Start of Block
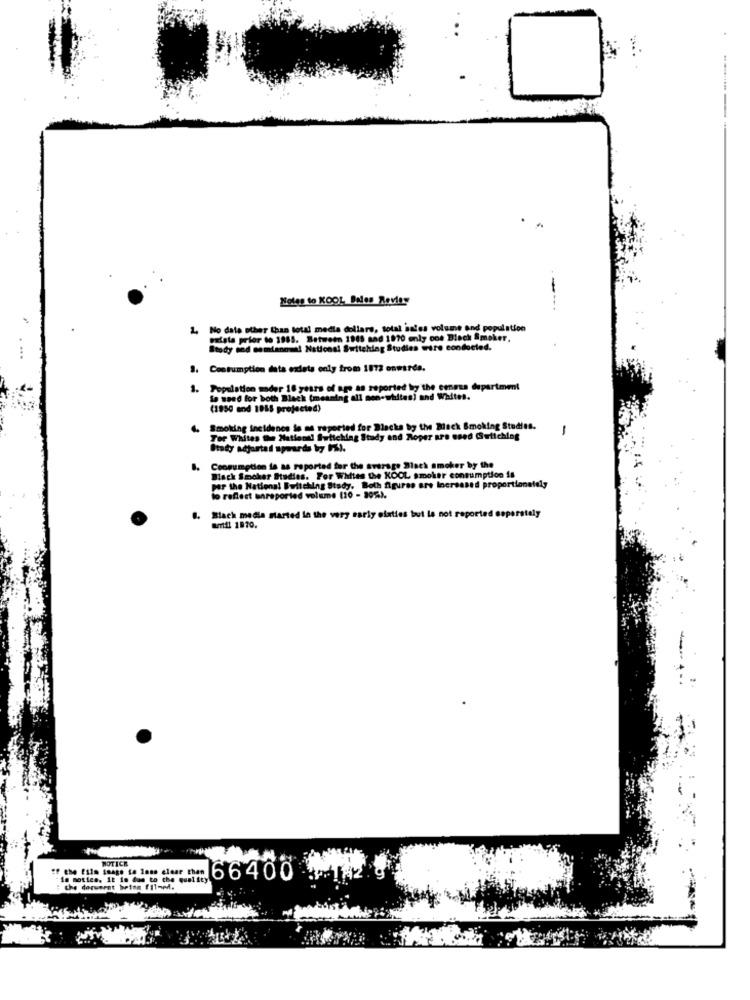
Notes to KOOL Bales Revisy
----.
No data other than total media dollars, total sales volume and population
patate prior to 1985. Between 1948 and 1970 only one Block Smaker.
Stody nad semtenowe! National Switching Studies were conducted.
Consumption data exists only from 1873 onwards.
1. Population under 18 years of age as reported by the census department
la weed for both Black (meaning all non-whites) and Whites.
(1950 and 1055 projected)
4. Smoking incidence is as reported for Blacks by the Black Smoking Studies.
-
Tor Whites The Matiend! futichlag Study and Roper are used Switching
Itady adjuntad upwards 17 1%).
B. Consumption is as reported for the average Black smoker by the
Back Smoker Studies. For Whites the KOOL smoker consumption is
per the National Buitching Study. Both figures are Increased proportionately
to reflect unreported volume (10 - 205%).
Black media marted in the very early sixties but la not reported seperately
antil 1970.
NOTICE
If the film smage ta loss clear than
in motice. it is das to the quality
66400
the doruerat brisa filmed.
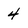
Character: 4
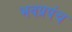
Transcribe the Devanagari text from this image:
भवप्रपंच
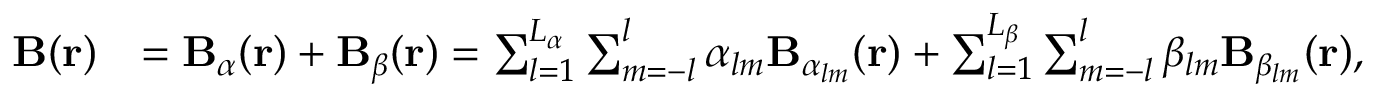
\begin{array} { r l } { \mathbf { B } ( \mathbf { r } ) } & { = \mathbf { B } _ { \alpha } ( \mathbf { r } ) + \mathbf { B } _ { \beta } ( \mathbf { r } ) = \sum _ { l = 1 } ^ { L _ { \alpha } } \sum _ { m = - l } ^ { l } \alpha _ { l m } \mathbf { B } _ { \alpha _ { l m } } ( \mathbf { r } ) + \sum _ { l = 1 } ^ { L _ { \beta } } \sum _ { m = - l } ^ { l } \beta _ { l m } \mathbf { B } _ { \beta _ { l m } } ( \mathbf { r } ) , } \end{array}
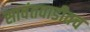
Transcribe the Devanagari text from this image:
सावंतवाडीतच
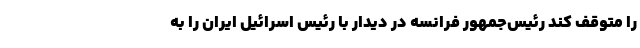
را متوقف کند رئیس‌جمهور فرانسه در دیدار با رئیس اسرائیل ایران را به
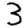
Digit: 3
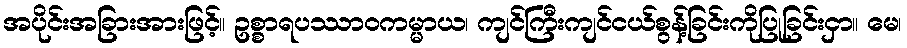
အပိုင်းအခြားအားဖြင့်။ ဥစ္စာရပဿာဝကမ္မာယ၊ ကျင်ကြီးကျင်ငယ်စွန့်ခြင်းကိုပြုခြင်းငှာ။ မေ၊
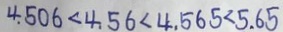
4 . 5 0 6 < 4 . 5 6 < 4 . 5 6 5 < 5 . 6 5
End of Block
**Problem statement**:
Wherever the word "Switching" appears in the entries above, copy that whole line.

**Exercise result**:
Stody nad semtenowe! National Switching Studies were conducted.
Tor Whites The Matiend! futichlag Study and Roper are used Switching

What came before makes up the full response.